Records from a collection
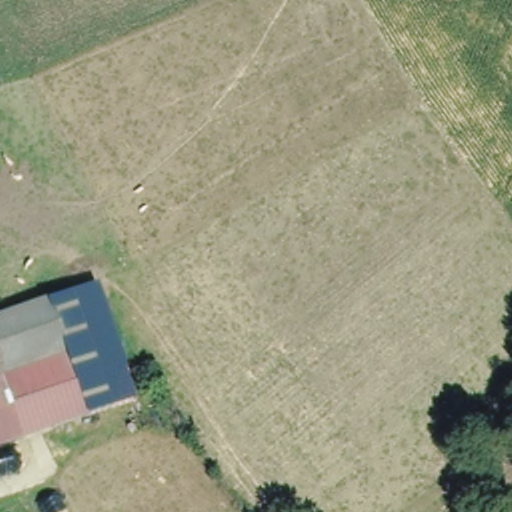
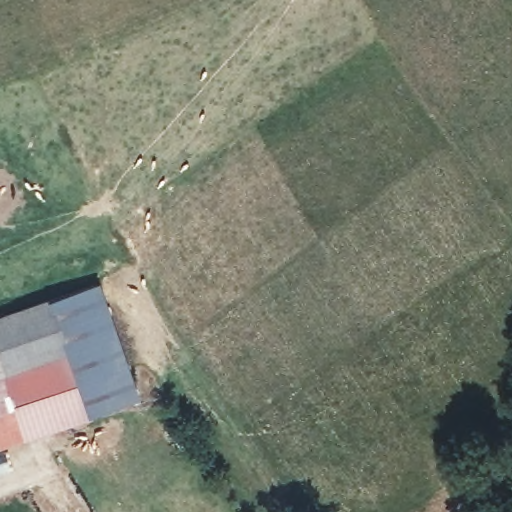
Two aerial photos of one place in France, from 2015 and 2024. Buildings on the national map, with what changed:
unchanged [(51,287),(97,272),(136,398),(92,413),(51,287)]
unchanged [(92,413),(0,442),(0,305),(51,287),(92,413)]

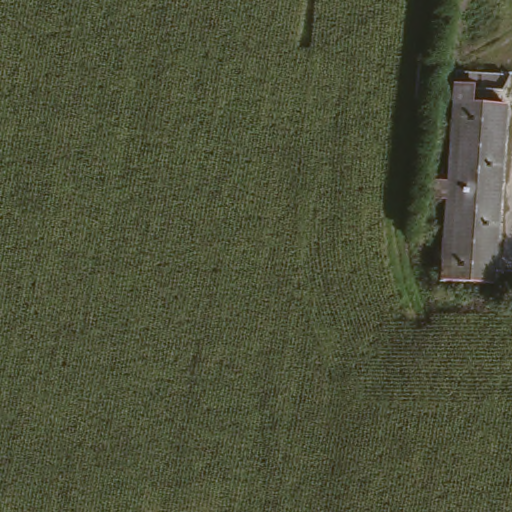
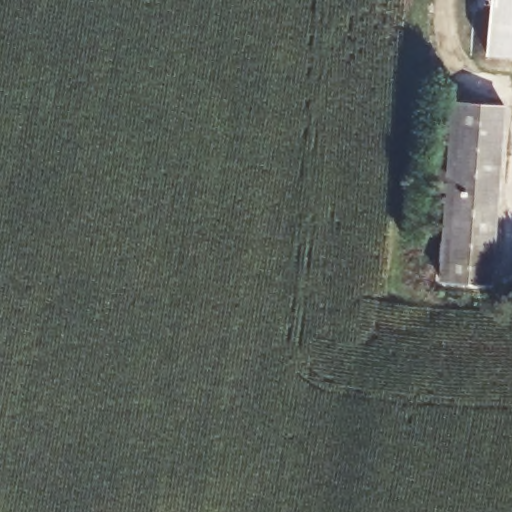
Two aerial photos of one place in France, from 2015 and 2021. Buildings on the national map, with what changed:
new [(494,0),(512,0),(512,56),(488,53),(494,0)]
unchanged [(431,187),(444,188),(451,87),(472,90),(471,105),(502,108),(489,290),(437,286),(443,204),(429,203),(431,187)]

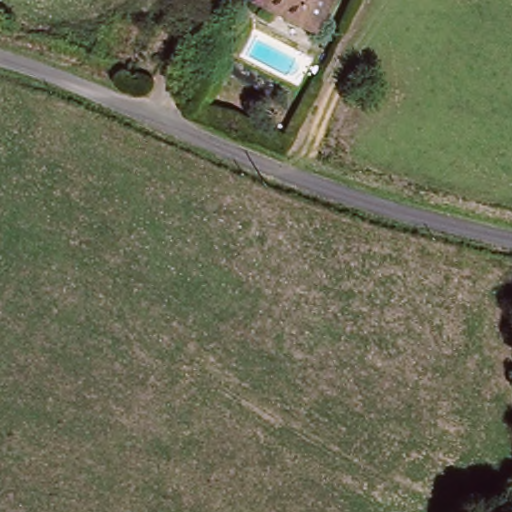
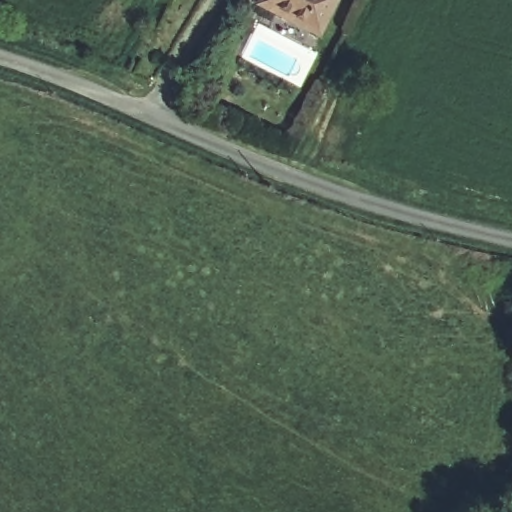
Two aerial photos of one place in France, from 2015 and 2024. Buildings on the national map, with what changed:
unchanged [(265,0),(338,0),(321,31),(265,1),(265,0)]

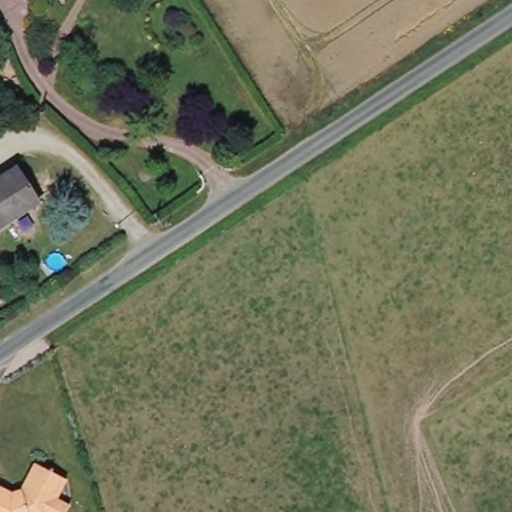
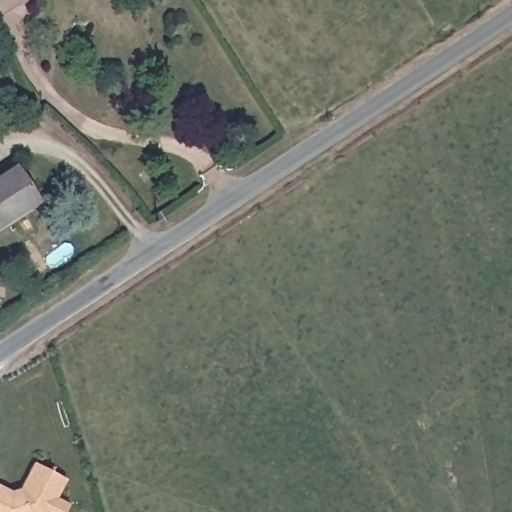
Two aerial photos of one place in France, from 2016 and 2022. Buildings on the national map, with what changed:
unchanged [(12,167),(32,197),(36,204),(29,208),(0,226),(0,175),(12,167)]
unchanged [(6,494),(16,492),(31,466),(66,480),(56,500),(69,506),(66,512),(0,512),(0,491),(6,494)]

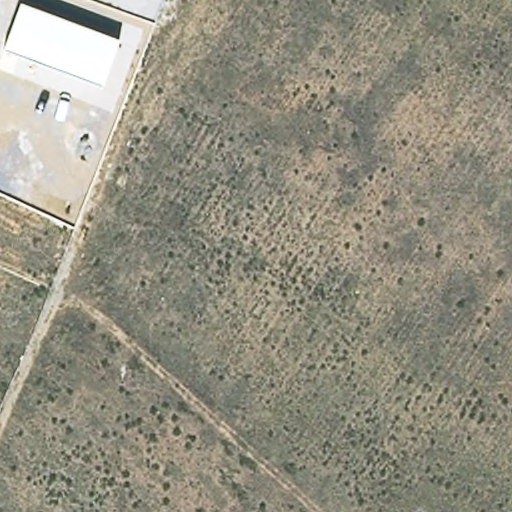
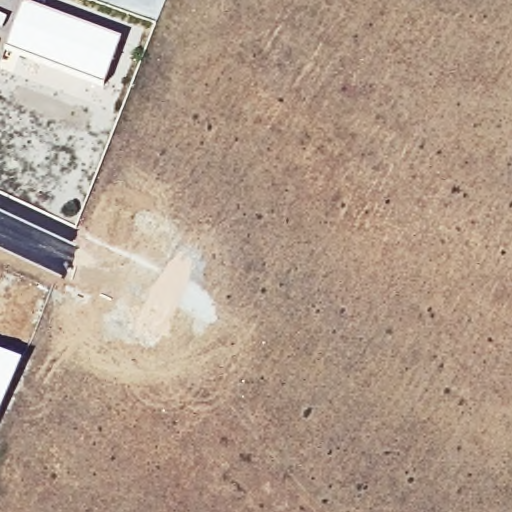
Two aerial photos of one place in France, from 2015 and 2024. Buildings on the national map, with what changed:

* _Your assignment_:
Only the lines from the one holding "Two aerial photos of one place in France, from 2016" through the end of the data are to be printed, exactly as they stand and with no pictures.

* _Your response_:
Two aerial photos of one place in France, from 2016 and 2022. Buildings on the national map, with what changed:
unchanged [(12,167),(32,197),(36,204),(29,208),(0,226),(0,175),(12,167)]
unchanged [(6,494),(16,492),(31,466),(66,480),(56,500),(69,506),(66,512),(0,512),(0,491),(6,494)]

Two aerial photos of one place in France, from 2015 and 2024. Buildings on the national map, with what changed:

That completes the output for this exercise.